Der Arbeitgeber ist gläsern geworden, der Umgang mit Mitarbeitenden wird offengelegt und ausgiebig in den sozialen Netzwerken diskutiert. Deshalb ist es wichtig zu wissen, welche Faktoren Auswirkungen auf eine positive und eine negative Bewertung haben, die unabhängig vom Bewerbungsprozess im Unternehmen selbst sind. Und genau dieser Frage ist Harald Ackerschott zusammen mit seinem Team in der nun vorgelegten Studie nachgegangen.

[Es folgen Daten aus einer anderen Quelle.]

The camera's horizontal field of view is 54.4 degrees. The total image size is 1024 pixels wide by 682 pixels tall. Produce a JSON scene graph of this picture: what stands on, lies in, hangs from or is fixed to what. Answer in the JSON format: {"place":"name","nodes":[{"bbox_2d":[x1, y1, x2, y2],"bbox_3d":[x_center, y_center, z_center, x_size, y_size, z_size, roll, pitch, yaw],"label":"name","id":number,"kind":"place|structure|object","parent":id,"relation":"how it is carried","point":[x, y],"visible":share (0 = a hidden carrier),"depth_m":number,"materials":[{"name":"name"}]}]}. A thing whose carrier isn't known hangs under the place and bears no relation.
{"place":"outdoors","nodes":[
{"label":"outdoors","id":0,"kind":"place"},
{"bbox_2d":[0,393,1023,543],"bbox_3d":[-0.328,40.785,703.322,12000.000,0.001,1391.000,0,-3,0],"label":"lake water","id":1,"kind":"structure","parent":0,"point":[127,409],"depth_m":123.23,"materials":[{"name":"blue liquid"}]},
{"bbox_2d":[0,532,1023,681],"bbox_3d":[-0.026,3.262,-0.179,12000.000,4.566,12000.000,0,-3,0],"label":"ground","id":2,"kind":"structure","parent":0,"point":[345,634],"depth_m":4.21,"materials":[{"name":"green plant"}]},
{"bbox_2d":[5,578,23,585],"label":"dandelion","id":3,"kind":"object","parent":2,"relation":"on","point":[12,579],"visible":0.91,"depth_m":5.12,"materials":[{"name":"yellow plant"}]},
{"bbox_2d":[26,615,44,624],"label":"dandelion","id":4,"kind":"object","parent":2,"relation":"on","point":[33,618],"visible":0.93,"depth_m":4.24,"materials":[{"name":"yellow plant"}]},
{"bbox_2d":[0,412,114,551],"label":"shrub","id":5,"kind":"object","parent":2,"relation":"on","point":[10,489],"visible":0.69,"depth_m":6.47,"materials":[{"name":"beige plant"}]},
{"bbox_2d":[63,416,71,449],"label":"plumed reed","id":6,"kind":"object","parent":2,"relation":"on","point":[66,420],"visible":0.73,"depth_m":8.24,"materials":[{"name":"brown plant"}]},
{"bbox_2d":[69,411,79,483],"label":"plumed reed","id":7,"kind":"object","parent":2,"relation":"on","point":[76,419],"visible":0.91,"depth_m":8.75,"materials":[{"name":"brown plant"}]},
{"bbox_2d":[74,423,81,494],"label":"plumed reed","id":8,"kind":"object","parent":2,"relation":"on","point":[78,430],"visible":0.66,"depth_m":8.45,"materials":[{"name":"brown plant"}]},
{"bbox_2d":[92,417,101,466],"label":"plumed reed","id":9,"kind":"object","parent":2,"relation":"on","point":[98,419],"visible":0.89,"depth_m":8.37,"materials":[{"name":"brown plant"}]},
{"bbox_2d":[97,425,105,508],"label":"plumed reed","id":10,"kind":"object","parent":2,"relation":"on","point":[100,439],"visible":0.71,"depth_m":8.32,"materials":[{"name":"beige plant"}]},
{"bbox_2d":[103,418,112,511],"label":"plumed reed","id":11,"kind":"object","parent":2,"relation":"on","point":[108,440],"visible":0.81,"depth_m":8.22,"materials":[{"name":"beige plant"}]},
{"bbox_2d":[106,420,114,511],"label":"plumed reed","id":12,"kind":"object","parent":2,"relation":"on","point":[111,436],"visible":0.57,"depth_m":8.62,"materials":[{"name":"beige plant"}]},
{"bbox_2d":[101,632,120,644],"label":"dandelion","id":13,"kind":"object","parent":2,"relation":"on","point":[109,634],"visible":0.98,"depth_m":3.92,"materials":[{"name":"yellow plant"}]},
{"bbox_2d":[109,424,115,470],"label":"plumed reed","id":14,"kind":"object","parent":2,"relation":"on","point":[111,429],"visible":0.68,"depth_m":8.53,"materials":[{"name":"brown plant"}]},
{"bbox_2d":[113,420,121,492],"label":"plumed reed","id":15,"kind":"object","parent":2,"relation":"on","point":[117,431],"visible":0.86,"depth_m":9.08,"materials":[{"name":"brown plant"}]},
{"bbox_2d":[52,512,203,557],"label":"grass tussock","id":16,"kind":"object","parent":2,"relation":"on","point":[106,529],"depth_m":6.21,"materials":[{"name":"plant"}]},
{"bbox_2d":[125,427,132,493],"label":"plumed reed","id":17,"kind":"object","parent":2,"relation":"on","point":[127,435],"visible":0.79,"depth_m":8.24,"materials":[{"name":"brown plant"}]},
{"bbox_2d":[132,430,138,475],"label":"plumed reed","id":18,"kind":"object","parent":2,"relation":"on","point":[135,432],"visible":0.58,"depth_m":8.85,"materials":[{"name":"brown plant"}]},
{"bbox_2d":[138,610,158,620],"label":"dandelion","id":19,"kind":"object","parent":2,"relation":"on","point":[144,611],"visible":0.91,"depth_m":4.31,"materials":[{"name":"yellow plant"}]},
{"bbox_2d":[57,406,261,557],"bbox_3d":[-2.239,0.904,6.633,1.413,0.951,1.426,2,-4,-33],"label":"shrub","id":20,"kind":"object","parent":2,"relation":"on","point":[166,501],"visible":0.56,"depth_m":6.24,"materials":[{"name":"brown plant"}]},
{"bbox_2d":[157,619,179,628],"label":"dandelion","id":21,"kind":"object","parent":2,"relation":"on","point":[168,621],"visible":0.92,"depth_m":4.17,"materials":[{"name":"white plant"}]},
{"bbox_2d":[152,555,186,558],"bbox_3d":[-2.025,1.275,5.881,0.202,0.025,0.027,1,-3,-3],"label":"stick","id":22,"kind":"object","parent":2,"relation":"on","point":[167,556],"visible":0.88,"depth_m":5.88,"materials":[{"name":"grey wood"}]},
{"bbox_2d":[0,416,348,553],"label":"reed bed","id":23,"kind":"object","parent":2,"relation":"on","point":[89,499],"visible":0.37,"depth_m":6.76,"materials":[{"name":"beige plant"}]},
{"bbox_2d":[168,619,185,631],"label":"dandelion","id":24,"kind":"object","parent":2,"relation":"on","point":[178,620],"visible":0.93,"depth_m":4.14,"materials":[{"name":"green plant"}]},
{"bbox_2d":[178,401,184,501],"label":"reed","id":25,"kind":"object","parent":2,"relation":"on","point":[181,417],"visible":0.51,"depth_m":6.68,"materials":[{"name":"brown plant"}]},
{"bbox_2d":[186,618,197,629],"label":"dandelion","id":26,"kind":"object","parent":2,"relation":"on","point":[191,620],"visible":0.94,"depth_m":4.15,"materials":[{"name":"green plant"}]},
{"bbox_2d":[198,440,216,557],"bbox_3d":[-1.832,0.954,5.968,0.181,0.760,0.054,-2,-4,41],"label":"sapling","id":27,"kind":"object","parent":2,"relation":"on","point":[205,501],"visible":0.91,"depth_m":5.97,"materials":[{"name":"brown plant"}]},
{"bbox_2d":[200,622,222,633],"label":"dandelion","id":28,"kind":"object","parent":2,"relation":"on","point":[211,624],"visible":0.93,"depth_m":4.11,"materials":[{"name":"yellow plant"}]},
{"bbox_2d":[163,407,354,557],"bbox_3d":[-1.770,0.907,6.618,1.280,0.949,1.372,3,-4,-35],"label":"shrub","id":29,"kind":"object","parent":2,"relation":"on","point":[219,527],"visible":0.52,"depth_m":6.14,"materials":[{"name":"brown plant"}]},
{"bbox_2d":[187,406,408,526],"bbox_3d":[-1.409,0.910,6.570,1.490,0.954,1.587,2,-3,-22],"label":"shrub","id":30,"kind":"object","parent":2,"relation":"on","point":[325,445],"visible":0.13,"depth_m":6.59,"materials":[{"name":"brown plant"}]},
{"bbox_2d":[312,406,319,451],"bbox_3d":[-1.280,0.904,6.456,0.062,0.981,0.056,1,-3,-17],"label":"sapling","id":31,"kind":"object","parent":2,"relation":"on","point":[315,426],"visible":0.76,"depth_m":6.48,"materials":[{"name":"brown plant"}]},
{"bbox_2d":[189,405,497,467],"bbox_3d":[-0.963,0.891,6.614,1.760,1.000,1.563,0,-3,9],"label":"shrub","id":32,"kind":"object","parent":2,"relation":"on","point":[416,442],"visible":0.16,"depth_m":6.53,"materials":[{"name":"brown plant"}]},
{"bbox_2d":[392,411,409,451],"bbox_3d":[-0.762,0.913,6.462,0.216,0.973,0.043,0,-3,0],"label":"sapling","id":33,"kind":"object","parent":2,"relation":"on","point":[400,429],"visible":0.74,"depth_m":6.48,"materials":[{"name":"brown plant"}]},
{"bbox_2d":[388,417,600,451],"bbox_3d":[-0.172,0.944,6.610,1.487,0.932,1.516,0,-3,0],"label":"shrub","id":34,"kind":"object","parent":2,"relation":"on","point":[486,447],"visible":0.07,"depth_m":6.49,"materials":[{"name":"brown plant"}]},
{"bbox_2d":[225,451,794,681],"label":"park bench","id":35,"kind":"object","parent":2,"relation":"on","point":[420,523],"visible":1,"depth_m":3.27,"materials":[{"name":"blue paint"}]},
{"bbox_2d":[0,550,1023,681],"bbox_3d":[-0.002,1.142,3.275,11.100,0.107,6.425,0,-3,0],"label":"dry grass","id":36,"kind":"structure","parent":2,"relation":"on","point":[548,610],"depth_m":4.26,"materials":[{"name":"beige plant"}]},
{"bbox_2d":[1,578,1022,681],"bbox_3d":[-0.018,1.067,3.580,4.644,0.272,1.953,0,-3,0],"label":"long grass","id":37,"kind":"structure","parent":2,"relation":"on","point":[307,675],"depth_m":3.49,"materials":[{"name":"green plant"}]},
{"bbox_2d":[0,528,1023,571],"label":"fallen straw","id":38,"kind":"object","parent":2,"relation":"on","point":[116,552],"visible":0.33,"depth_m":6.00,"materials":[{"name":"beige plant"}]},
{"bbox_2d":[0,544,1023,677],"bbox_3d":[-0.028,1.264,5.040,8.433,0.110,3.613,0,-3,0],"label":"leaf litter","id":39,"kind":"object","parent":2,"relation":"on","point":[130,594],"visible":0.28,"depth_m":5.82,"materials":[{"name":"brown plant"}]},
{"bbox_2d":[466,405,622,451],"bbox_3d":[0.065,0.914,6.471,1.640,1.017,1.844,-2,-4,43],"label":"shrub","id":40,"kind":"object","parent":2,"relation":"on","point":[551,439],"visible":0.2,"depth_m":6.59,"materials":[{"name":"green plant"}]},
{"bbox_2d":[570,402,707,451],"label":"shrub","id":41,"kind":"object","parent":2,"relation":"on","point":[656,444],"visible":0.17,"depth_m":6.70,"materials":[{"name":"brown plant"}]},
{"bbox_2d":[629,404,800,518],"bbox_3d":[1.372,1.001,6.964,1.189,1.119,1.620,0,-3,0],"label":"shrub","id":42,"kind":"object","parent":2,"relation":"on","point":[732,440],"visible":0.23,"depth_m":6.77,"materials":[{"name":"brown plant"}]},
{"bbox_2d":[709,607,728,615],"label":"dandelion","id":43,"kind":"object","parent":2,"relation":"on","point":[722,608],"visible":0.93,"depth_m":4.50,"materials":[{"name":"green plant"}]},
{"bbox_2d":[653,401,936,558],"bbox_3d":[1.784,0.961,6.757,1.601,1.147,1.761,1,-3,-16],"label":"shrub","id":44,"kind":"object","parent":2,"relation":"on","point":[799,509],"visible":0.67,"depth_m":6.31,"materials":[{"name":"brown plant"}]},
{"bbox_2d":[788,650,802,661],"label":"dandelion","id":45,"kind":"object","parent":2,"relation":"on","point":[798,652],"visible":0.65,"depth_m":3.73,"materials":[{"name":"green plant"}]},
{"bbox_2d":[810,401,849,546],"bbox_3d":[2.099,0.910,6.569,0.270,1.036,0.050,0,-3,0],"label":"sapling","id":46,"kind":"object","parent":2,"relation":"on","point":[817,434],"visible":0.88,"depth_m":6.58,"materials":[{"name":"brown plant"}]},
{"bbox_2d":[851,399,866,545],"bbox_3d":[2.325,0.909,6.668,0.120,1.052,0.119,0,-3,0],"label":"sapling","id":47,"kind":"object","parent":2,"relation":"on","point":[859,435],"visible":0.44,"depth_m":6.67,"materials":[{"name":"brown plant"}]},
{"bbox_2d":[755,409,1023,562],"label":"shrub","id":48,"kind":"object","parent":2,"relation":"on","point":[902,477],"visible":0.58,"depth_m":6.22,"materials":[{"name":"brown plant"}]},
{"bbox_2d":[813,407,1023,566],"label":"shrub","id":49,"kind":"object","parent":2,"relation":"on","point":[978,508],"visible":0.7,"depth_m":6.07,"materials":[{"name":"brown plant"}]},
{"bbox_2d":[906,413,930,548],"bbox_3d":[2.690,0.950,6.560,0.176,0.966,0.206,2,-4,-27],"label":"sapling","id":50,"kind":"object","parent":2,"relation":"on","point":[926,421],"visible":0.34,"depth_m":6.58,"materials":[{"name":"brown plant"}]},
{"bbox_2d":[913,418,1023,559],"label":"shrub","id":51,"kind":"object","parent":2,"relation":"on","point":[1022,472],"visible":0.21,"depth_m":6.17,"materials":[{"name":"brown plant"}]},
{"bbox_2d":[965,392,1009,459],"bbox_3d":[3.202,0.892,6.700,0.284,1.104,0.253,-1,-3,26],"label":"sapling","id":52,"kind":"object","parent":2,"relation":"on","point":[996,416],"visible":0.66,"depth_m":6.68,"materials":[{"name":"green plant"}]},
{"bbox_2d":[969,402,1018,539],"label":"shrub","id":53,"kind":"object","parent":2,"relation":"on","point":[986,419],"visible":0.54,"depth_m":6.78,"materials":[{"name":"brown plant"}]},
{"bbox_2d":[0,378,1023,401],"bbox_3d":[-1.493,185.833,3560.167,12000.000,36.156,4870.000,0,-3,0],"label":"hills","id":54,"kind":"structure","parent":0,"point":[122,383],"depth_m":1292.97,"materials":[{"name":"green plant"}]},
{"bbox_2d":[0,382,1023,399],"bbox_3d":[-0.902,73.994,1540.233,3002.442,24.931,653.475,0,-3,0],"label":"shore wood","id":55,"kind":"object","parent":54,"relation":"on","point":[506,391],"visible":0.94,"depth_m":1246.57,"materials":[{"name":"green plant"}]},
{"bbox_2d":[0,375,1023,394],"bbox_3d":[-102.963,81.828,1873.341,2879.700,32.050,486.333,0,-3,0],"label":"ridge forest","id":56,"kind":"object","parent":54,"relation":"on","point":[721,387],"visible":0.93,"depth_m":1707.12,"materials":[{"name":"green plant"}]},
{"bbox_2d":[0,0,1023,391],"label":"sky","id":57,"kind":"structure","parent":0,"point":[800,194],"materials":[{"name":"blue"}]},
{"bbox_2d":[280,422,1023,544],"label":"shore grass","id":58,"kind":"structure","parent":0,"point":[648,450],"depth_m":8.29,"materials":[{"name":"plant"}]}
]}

Das Ergebnis ist weniger überraschend als geglaubt: Die Bewertungen sind mehr vom Ausgang des Bewerbungsprozesses bestimmt als von den Faktoren, die gemeinhin unter dem Schlagwort Candidate experience diskutiert werden. Oder anders gesagt, die Unterschiede in den Arbeitgeberbewertungen sind größer, wenn man Bewertungen von angenommenen mit denen von abgelehnten Kandidatinnen und Kandidaten vergleicht, als wenn man Bewertungen zwischen Top Employern und nicht als besonders gut ausgezeichneten Unternehmen miteinander vergleicht. Vom tatsächlichen Verhalten des Arbeitgebers hat nur eine Maßnahme besonderen Einfluss: das Ghosting. Unternehmen, die sich nicht zurückmelden und gar keine Absagen mitteilen, sondern einfach abtauchen und plötzlich mit Bewerberinnen und Bewerbern gar nicht mehr kommunizieren, werden mit besonders schlechten Bewertungen abgestraft.

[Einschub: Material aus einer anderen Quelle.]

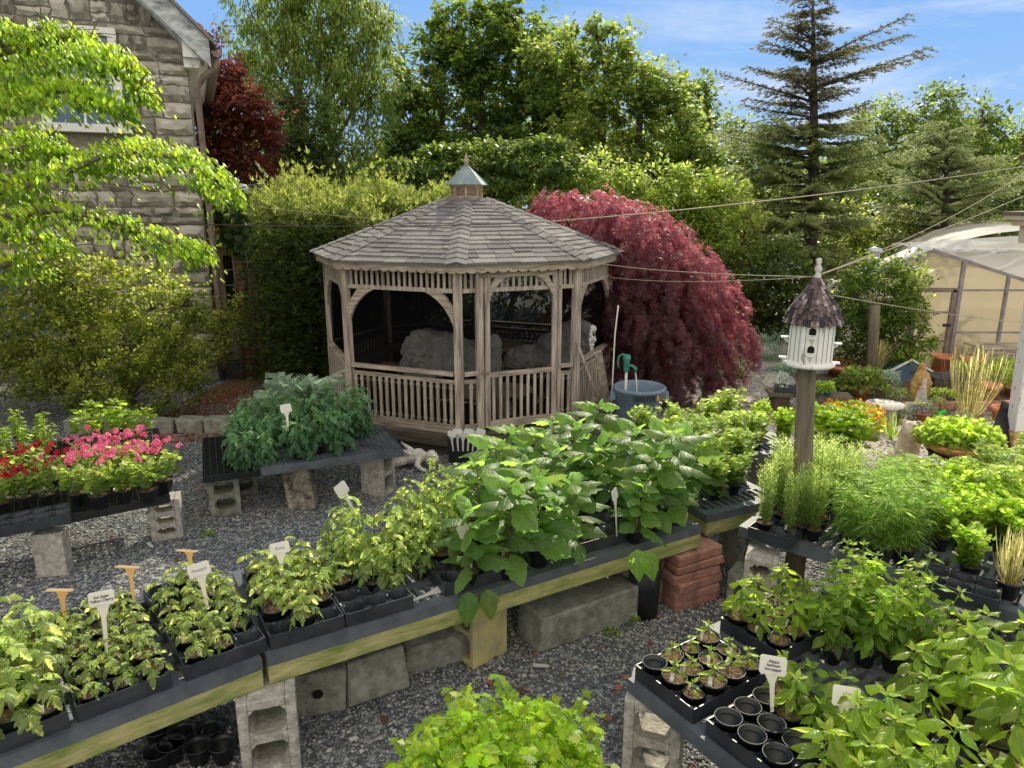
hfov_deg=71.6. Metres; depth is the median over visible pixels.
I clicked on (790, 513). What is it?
upright rosemary
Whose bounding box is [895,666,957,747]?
pepper plant
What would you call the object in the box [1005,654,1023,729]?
pepper plant
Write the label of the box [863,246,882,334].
lamp post
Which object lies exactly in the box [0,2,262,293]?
dogwood tree
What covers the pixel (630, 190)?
viburnum
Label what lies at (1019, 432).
crinkled herb
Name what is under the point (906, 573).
bushy pepper
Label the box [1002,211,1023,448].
porch column
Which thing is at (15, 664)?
tomato plant
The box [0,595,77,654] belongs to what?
tomato plant
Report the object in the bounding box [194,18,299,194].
copper beech
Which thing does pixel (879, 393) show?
flower bed soil
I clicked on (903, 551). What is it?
feathery cosmos
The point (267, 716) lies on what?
cinder block
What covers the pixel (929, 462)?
leafy herb
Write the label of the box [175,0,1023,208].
sky
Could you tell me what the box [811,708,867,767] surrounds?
pepper plant
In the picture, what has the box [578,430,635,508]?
eggplant plant
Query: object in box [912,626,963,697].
pepper plant
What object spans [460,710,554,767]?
celery plant
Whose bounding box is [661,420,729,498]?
eggplant plant
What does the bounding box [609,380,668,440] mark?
trash can
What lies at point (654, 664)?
empty pot
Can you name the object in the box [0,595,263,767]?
plant bench
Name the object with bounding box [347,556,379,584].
tomato seedling
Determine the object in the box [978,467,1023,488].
leafy herb
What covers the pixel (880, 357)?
fountain grass
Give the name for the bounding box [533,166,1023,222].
overhead cable
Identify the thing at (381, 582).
bushy tomato
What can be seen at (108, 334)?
privet shrub
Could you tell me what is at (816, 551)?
plant bench
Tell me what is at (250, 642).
pot tray
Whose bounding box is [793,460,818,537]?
upright rosemary
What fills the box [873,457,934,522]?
feathery cosmos
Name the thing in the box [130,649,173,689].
tomato seedling
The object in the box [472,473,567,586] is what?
eggplant plant
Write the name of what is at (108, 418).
broad leaf plant
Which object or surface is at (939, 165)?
conifer tree
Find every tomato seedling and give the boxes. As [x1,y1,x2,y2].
[58,607,83,631]
[58,625,102,665]
[60,613,92,641]
[68,644,100,674]
[69,661,102,688]
[74,677,112,703]
[80,597,117,625]
[80,607,122,638]
[91,625,123,650]
[93,647,133,679]
[96,635,130,663]
[109,587,130,609]
[109,597,141,617]
[109,662,139,691]
[115,611,152,643]
[116,604,144,629]
[118,627,161,669]
[123,625,155,654]
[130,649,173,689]
[145,576,182,606]
[147,588,178,616]
[158,604,185,629]
[163,615,192,640]
[164,561,192,589]
[170,611,207,651]
[176,573,197,597]
[178,588,212,620]
[181,579,213,610]
[182,630,216,663]
[193,606,218,630]
[201,610,237,639]
[204,627,232,655]
[206,565,226,590]
[206,575,235,600]
[212,581,241,610]
[214,591,244,625]
[224,599,257,632]
[237,548,271,579]
[244,579,288,621]
[245,563,286,598]
[249,562,276,586]
[249,578,291,611]
[262,549,285,575]
[265,561,308,592]
[267,554,297,577]
[273,571,302,596]
[282,582,321,617]
[282,589,323,629]
[283,536,310,565]
[284,542,321,570]
[290,555,320,581]
[299,570,335,609]
[301,564,337,594]
[313,552,353,577]
[316,546,337,568]
[321,559,353,590]
[325,531,359,567]
[339,545,367,573]
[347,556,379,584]
[369,543,399,578]
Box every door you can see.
[217,248,239,359]
[480,270,557,427]
[908,288,958,353]
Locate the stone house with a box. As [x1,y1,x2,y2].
[0,0,227,398]
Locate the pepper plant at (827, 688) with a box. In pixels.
[814,669,866,725]
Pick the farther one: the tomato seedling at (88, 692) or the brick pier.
the brick pier
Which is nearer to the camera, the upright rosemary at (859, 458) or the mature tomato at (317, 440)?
the upright rosemary at (859, 458)
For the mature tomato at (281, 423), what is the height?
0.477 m
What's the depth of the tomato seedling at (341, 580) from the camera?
3.88 m
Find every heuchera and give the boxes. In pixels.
[827,377,854,393]
[832,363,891,397]
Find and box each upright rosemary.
[755,455,780,530]
[769,432,792,507]
[772,434,799,525]
[781,469,802,532]
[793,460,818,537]
[805,465,834,541]
[810,437,839,529]
[811,430,828,505]
[819,430,846,513]
[829,441,861,524]
[846,439,869,512]
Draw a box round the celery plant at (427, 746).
[387,722,481,767]
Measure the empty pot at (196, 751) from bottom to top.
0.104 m
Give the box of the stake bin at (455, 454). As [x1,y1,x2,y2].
[448,436,480,462]
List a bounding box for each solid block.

„Mich persönlich hat gewundert, wie häufig es überhaupt vorkommt, dass Unternehmen sich bei Bewerberinnen und Bewerbern überhaupt nicht mehr melden: Ca. 23 % aller betrachteten Bewertungen waren Beschwerden über fehlende Rückmeldungen vonseiten der Unternehmen. Aus dem angelsächsischen Bereich kenne ich die Variation, dass Unternehmen schon in der Stellenanzeige deutlich schreiben, dass eine Rückmeldung nur erfolgt, wenn die Bewerbung interessant ist. Das ist zwar brutal, aber immerhin eine klare Ansage. Da weiß man vorher, was man zu erwarten hat und kann dementsprechend selbst entscheiden, ob man so einen Arbeitgeber haben möchte. Aber gar nichts sagen, einfach abtauchen, und am besten auf der anderen Seite noch viel Geld für Employer Branding Kampagnen ausgeben, das finde ich unmöglich. Da es in der Natur der Sache liegt, dass es mehr Ab- als Zusagen gibt, sind die Arbeitgeber gefordert, aktiv und transparent zu kommunizieren, auch und insbesondere dann, wenn dem Bewerber abgesagt wird“, so Studienleiter Harald Ackerschott.
Die Studie kann hier heruntergeladen werden.
ACKERSCHOTT AND ASSOCIATES
Der Diplompsychologe Harald Ackerschott ist Architekt des psychometrischen Assessmentsystems abci. Er forscht und publiziert seit mehr als 30 Jahren zu den Themen Auswahl, Chancengleichheit und Candidate Experience. Genauso lange unterstützt er Unternehmen und Organisationen des öffentlichen Sektors bei der Personalauswahl und der Entwicklung von Potenzialen.
Harald Ackerschott ist Obmann des DIN-Arbeitsausschusses zum Personalmanagement und einer der Initiatoren der DIN 33430 zu Personalauswahl und Eignungsdiagnostik.